Editorial

In einer Zeit, in der sich bedrohliche Szenarien häufen, hört man oft den Satz: Die Realität übertrifft die Fiktion. Aber gibt es tatsächlich eine trennscharfe Grenze zwischen Realität und Fiktion? Gehören nicht vielmehr beide Wahrnehmungs­ebenen schon seit jeher zusammen?

In der Literatur jedenfalls erscheint die Gleichzeitigkeit dieser beiden Wirklichkeitsformen in zahlreichen Varianten, was sich auch in der Überwindung von vermeintlich festen Genregrenzen zeigen kann. An diesen literarischen Schnittstellen entsteht Neues, Grenzen werden aufgebrochen oder verschoben, der Fokus wird neu justiert.

Wenn Sie an die 38. Solothurner Literaturtage reisen, liebe Besucherinnen und Besucher, wird Ihnen das Thema von Fiktion und Realität immer wieder begegnen, es ist als roter Faden in das diesjährige Programm eingezogen:
Wo liegen bei Tomas Espedal die Grenzen zwischen Autobiografie und Fiktion? Wie gehen Virginia Helbling in ihrem Debutroman oder der Graphic Novel­ist Reto Gloor diese Frage an? Oder wo befinden sich Schnittstellen zwischen ­Literatur und Journalismus, wenn der Schweizer USA-Korrespondent Sacha Batthyany die Geschichte seiner Grosstante, einer Anhängerin des National­sozialismus, erforscht oder Autorinnen und Autoren wie Nora Bossong, Annette Hug, Perikles Monioudis und das italienische Kollektiv Wu Ming historische Figuren ins Zentrum ihrer Texte rücken?

Wir laden Sie ein, an den Literaturtagen diesen Faden aufzunehmen, wenn die eingeladenen Autorinnen und Autoren, Übersetzerinnen und Übersetzer aus der Schweiz und dem Ausland ihre Wirklichkeiten enthüllen, Fiktionsräume schaffen und dabei dringliche Fragen zu aktuellen Themen aus Politik, Wirtschaft, Medien und Gesellschaft stellen.

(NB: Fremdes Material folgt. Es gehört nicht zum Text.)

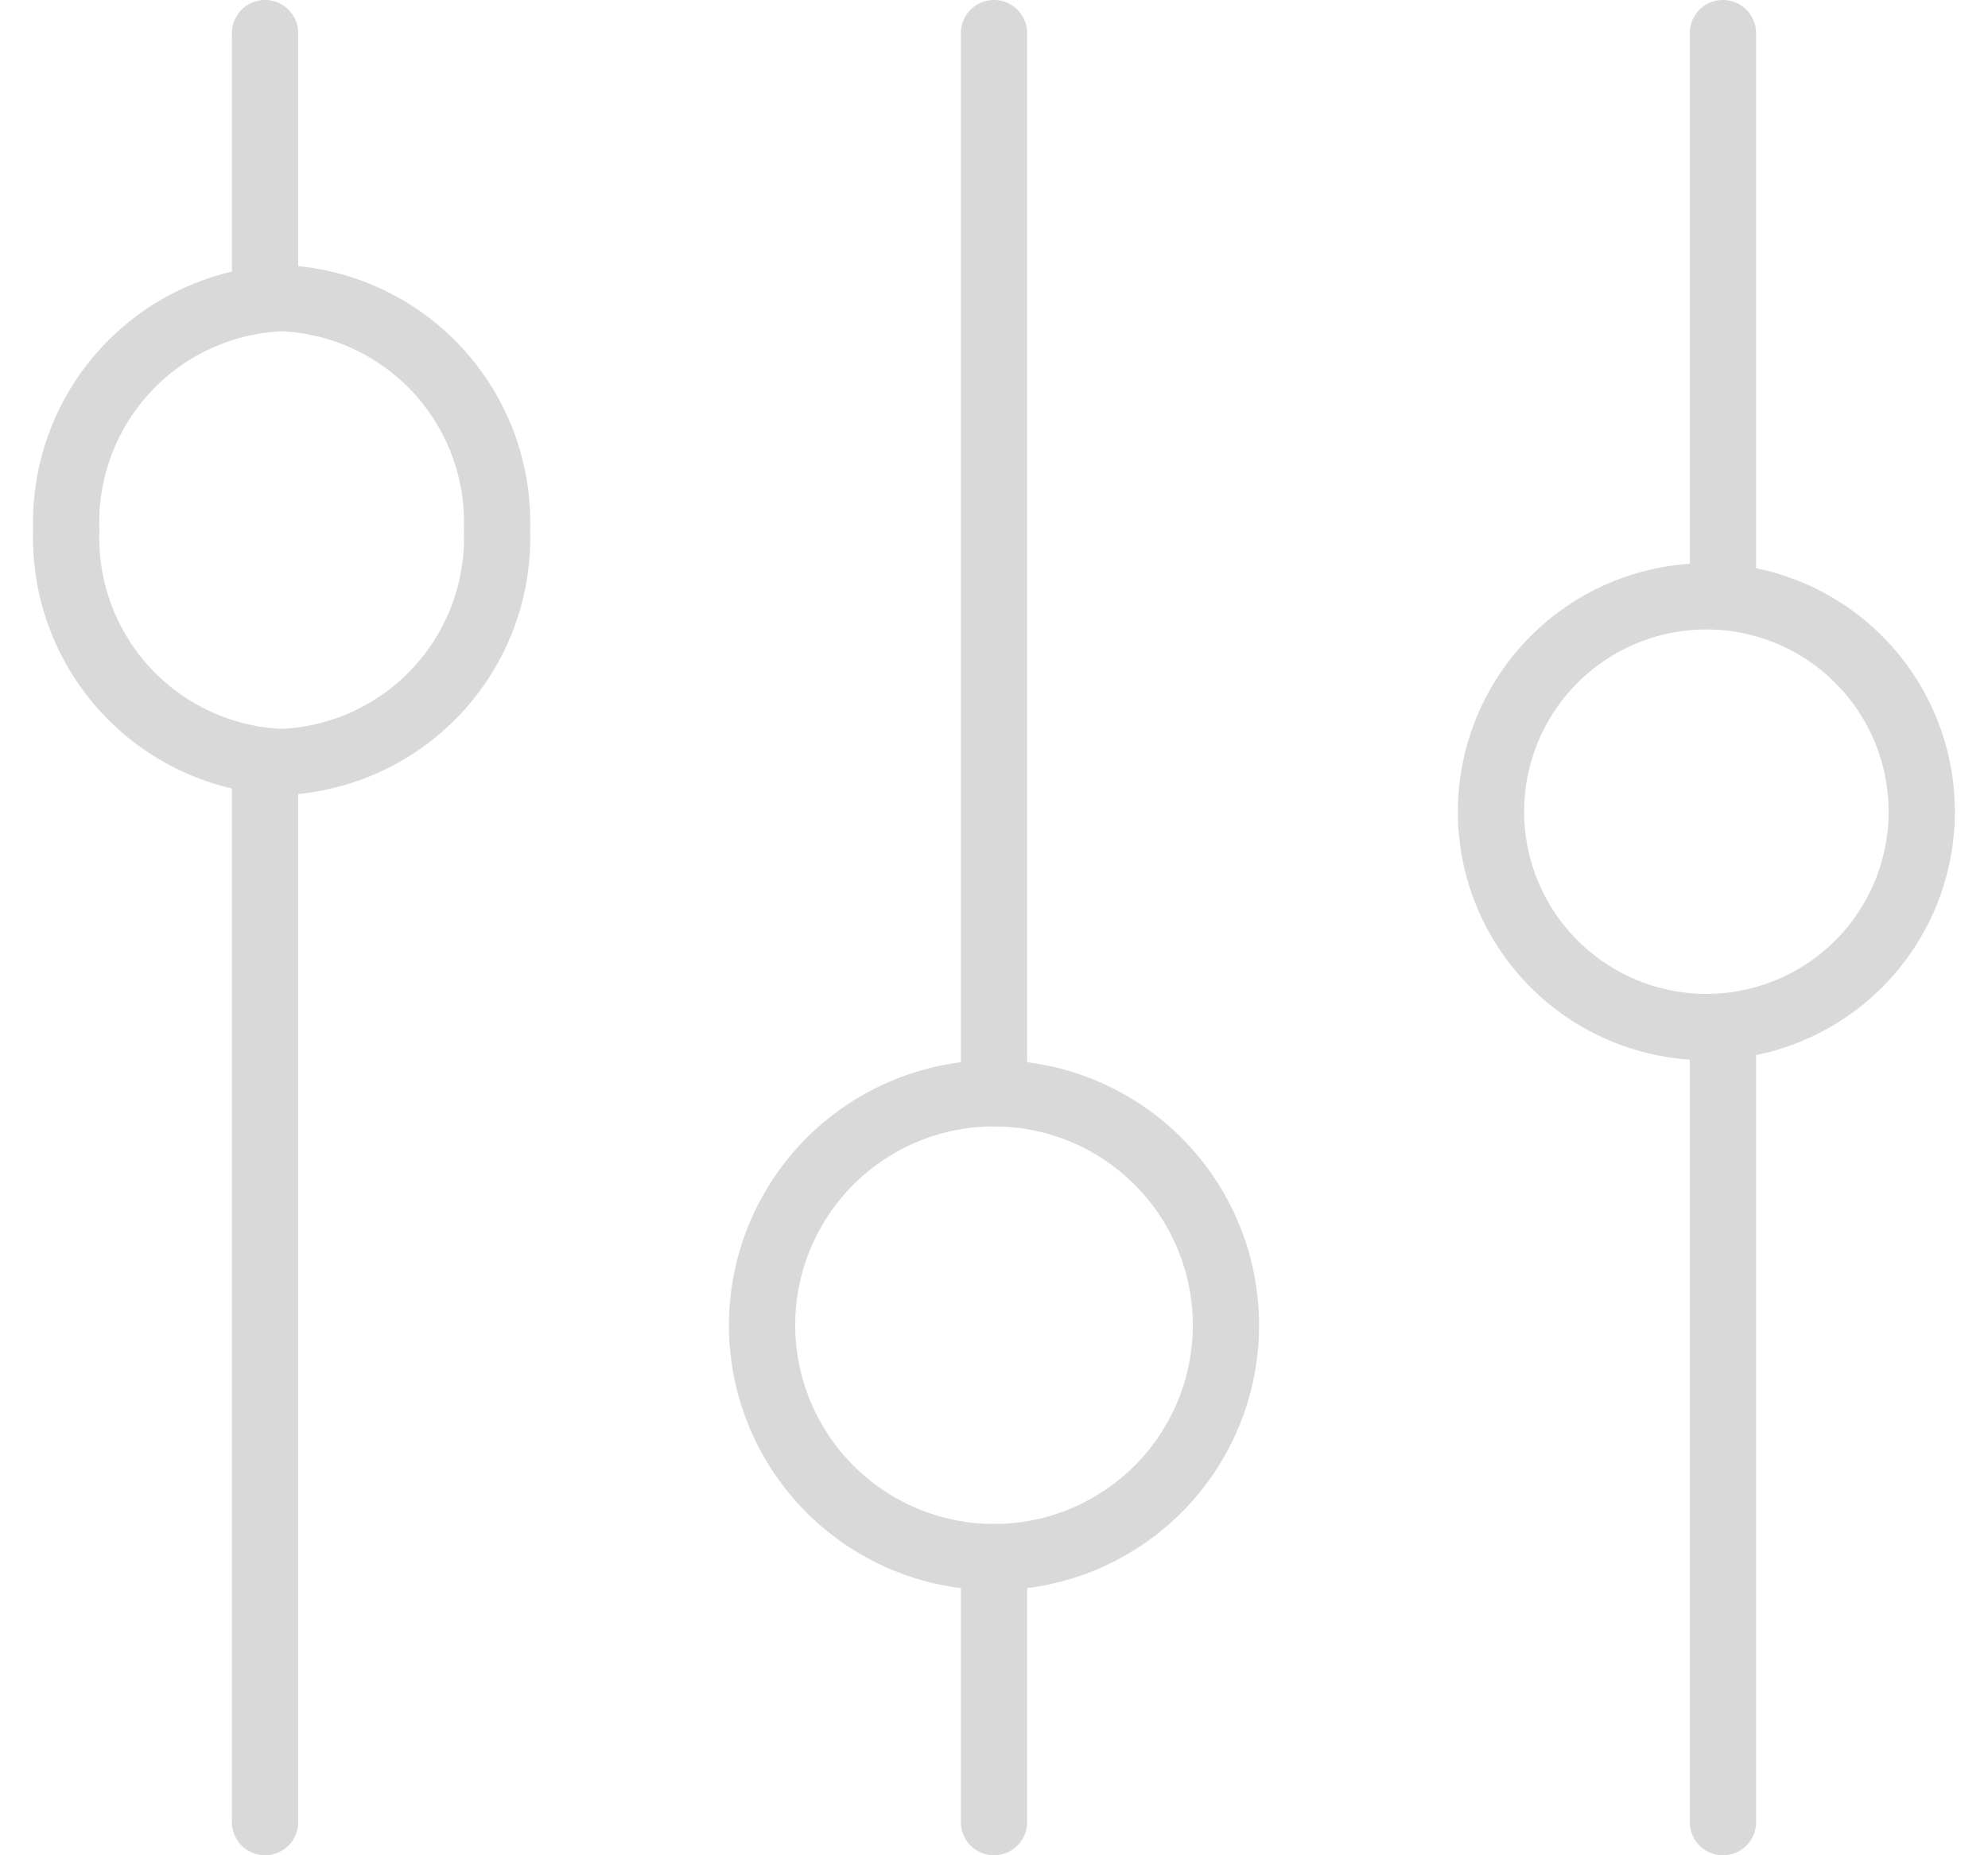<svg xmlns="http://www.w3.org/2000/svg" xmlns:xlink="http://www.w3.org/1999/xlink" width="60" height="56" viewBox="0 0 60 56">
  <defs>
    <clipPath id="clip-path">
      <rect id="Rectangle_411" data-name="Rectangle 411" width="60" height="56" transform="translate(-0.474 0.433)" fill="none" stroke="#d9d9d9" stroke-width="1"/>
    </clipPath>
  </defs>
  <g id="Groupe_353" data-name="Groupe 353" transform="translate(0.474 -0.433)">
    <g id="Groupe_352" data-name="Groupe 352" clip-path="url(#clip-path)">
      <path id="Ellipse_47" data-name="Ellipse 47" d="M6.5-1A7.771,7.771,0,0,1,14,7a7.771,7.771,0,0,1-7.5,8A7.771,7.771,0,0,1-1,7,7.771,7.771,0,0,1,6.5-1Zm0,14A5.773,5.773,0,0,0,12,7,5.773,5.773,0,0,0,6.5,1,5.773,5.773,0,0,0,1,7,5.773,5.773,0,0,0,6.5,13Z" transform="translate(1.526 9.433)" fill="#d9d9d9"/>
      <path id="Ellipse_48" data-name="Ellipse 48" d="M7-1A8,8,0,1,1-1,7,8.009,8.009,0,0,1,7-1ZM7,13A6,6,0,1,0,1,7,6.007,6.007,0,0,0,7,13Z" transform="translate(22.526 33.433)" fill="#d9d9d9"/>
      <path id="Ellipse_49" data-name="Ellipse 49" d="M6.5-1A7.5,7.5,0,1,1-1,6.5,7.508,7.508,0,0,1,6.5-1Zm0,13A5.5,5.5,0,1,0,1,6.5,5.506,5.506,0,0,0,6.5,12Z" transform="translate(44.526 18.433)" fill="#d9d9d9"/>
      <path id="Ligne_24" data-name="Ligne 24" d="M0,9A1,1,0,0,1-1,8V0A1,1,0,0,1,0-1,1,1,0,0,1,1,0V8A1,1,0,0,1,0,9Z" transform="translate(7.526 1.433)" fill="#d9d9d9"/>
      <path id="Ligne_25" data-name="Ligne 25" d="M0,33a1,1,0,0,1-1-1V0A1,1,0,0,1,0-1,1,1,0,0,1,1,0V32A1,1,0,0,1,0,33Z" transform="translate(7.526 23.433)" fill="#d9d9d9"/>
      <path id="Ligne_26" data-name="Ligne 26" d="M0,33a1,1,0,0,1-1-1V0A1,1,0,0,1,0-1,1,1,0,0,1,1,0V32A1,1,0,0,1,0,33Z" transform="translate(29.526 1.433)" fill="#d9d9d9"/>
      <path id="Ligne_27" data-name="Ligne 27" d="M0,9A1,1,0,0,1-1,8V0A1,1,0,0,1,0-1,1,1,0,0,1,1,0V8A1,1,0,0,1,0,9Z" transform="translate(29.526 47.433)" fill="#d9d9d9"/>
      <path id="Ligne_28" data-name="Ligne 28" d="M0,18a1,1,0,0,1-1-1V0A1,1,0,0,1,0-1,1,1,0,0,1,1,0V17A1,1,0,0,1,0,18Z" transform="translate(51.526 1.433)" fill="#d9d9d9"/>
      <path id="Ligne_29" data-name="Ligne 29" d="M0,25a1,1,0,0,1-1-1V0A1,1,0,0,1,0-1,1,1,0,0,1,1,0V24A1,1,0,0,1,0,25Z" transform="translate(51.526 31.433)" fill="#d9d9d9"/>
    </g>
  </g>
</svg>

Die diesjährige Werkschau hat wieder vieles zu bieten. Und die Auswahl an Veranstaltungen ist reichhaltig: Kinder- und Jugendliteratur, Übersetzungen, Poesiesalons, vielversprechende Debuts, die Buchpremiere des Erzählbandes von Saša Stanišić, zwei Hommagen – eine an Kurt Marti und eine an Alberto Nessi, den Preisträger des Grand Prix Literatur 2016 – und vieles mehr. In Solothurn wird drei Tage lang gelesen und zugehört, übersetzt, diskutiert, zelebriert, per­formt, gesungen, rezitiert, signiert und gefeiert. Und das auf Deutsch, Französisch, Italienisch, Rätoromanisch, Norwegisch, Englisch, Spanisch und Russisch.

Wir wünschen allen scharfsinnige, einfühlsame, kritische, politische und humorvolle Momente.